次第に視界がハッキリしてきて、ティアの泣き顔が見えたと思ったら思いっきり抱きつかれて驚いた。
「ティア?!」
「ロザリー様! 生きてて良かった!!」
気が付けばヘンリー王子とゼアにしっかりと支えられていて、心臓が大きく跳ねた。
(ひょぇぇぇぇぇぇぇ! 何なの?! この密着ぐあいは!! ドキドキするわよ!!!)

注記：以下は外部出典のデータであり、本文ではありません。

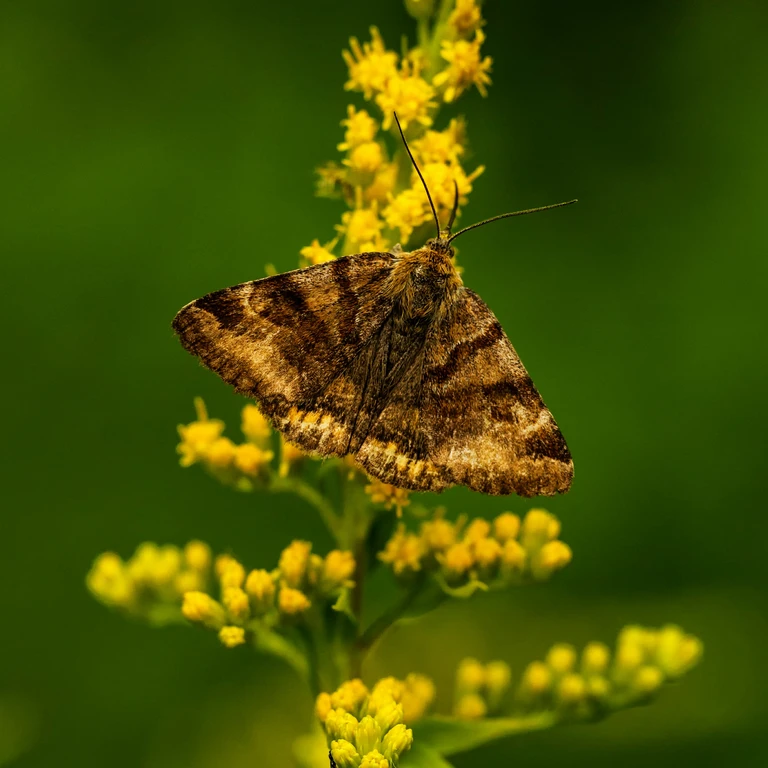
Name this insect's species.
Euclidia glyphica

状況を呑み込めないでいると、マリーとスピカにも抱きつかれもみくちゃになった。
「皆ありがとう! まだ状況がよくわからないけど、皆のおかげで助かったのだけはわかるわ。
本当にありがとう」
その時、目に入ったのは〔巨大な足〕だった。ギョッとして見上げると、光り輝く美しい巨大な女性が見下ろしていた。
(きっと……これが〔光の精霊〕なんだわ)
「あの……。
助けていただき、ありがとうございました」
何となくお礼を言ってみた。
巨大な〔光の精霊〕は、何も言わずに消えていった。
『気を抜いてはいけませんわ!
犯人が来ますわよ!!』
頭の中に響くロザリーの声を聞いて、反射的に近くに落ちていた自分の杖を拾っう。
階段の上から聞こえた声はヨド先生のものだった。
「〔怪しげな妖術〕を使って、マリーさんとスピカさんが魔法を使えるようにしたと言うのは本当のようですね」
「違います!
私は2人に〔ボイストレーニング〕をしただけです。妖術なんて使えません!!」
「そうですか……。〔ポイズントレーニング〕と言う妖術ですか。……何と、恐ろしい」
「無理やり間違えようとしてません?!」
(私、今、ボイストレーニングって言ったよね?)
『言いましたわね』
ロザリーに確認とってから、ヨド先生の誤解を解くべく一生懸命に説明した。
「ヨド先生! 違います!! ボイスです! 〔声〕です! 〔発声練習〕です!!」
「……〔発生練習〕……」
「先生! 多分私が思うのと意味が違います。特訓の事です!」
「〔毒を使って魔法を発生させる特訓〕ですか! 何と恐ろしい!!」
(うわぁぁぁぁん!
全然話が通じないよぉ!!!!)
『これは、あれですわね。
あなたが人体実験をしたと思いこんでて、想像している言葉しか頭に入ってこない状況ですわ。
ほら、周りを見てみなさい。
皆、“やはりそうだったのか”と思いたくて仕方がない顔をしてますわよ』
ロザリーに言われて、他の生徒を見渡してみると確かに皆が納得している表情だった。
(そんなに?!
そんなに私を悪人にしたいの?)
『何か、おかしいですわね』
(本当だよ、おかしいよ!)
「……だから“友達は選ぶように”って言ったのに。
力の強い者に取り付いて自分が強くなったと思い込み、威張る。そんな者が近くにいるせいで、頑張りやのあなたは道を踏み外してしまった……」
「申し訳ありません! それは深く反省しています!! ですが私達、今日のお昼に心を入れ替えたんです!!」
「私も! スピカと同じで、今は深く反省してます! だから、ロザリー様を殺さないでください!!」
スピカとマリーが前に出てヨド先生に一生懸命訴える。
(話を聞いててちょっと思ったのだけど、“不良っポイ態度をとってしまった”というのが問題なのよね? それが理由で、学園生活始まって2日目にして私は先生に殺されるの?)
『そのようですわね』
(え? ヨド先生って、今日のお昼まではめっちゃいい人だったよね?)
「心ヲ“入レ換エタ”?」
「先生!
また無理やり間違えようとしてませんか?!」
「学園ノ平和ノタメ、秩序ヲ乱ス者ハ、排除シナケレバナリマセン」
ヨド先生から黄緑色のオーラが出た。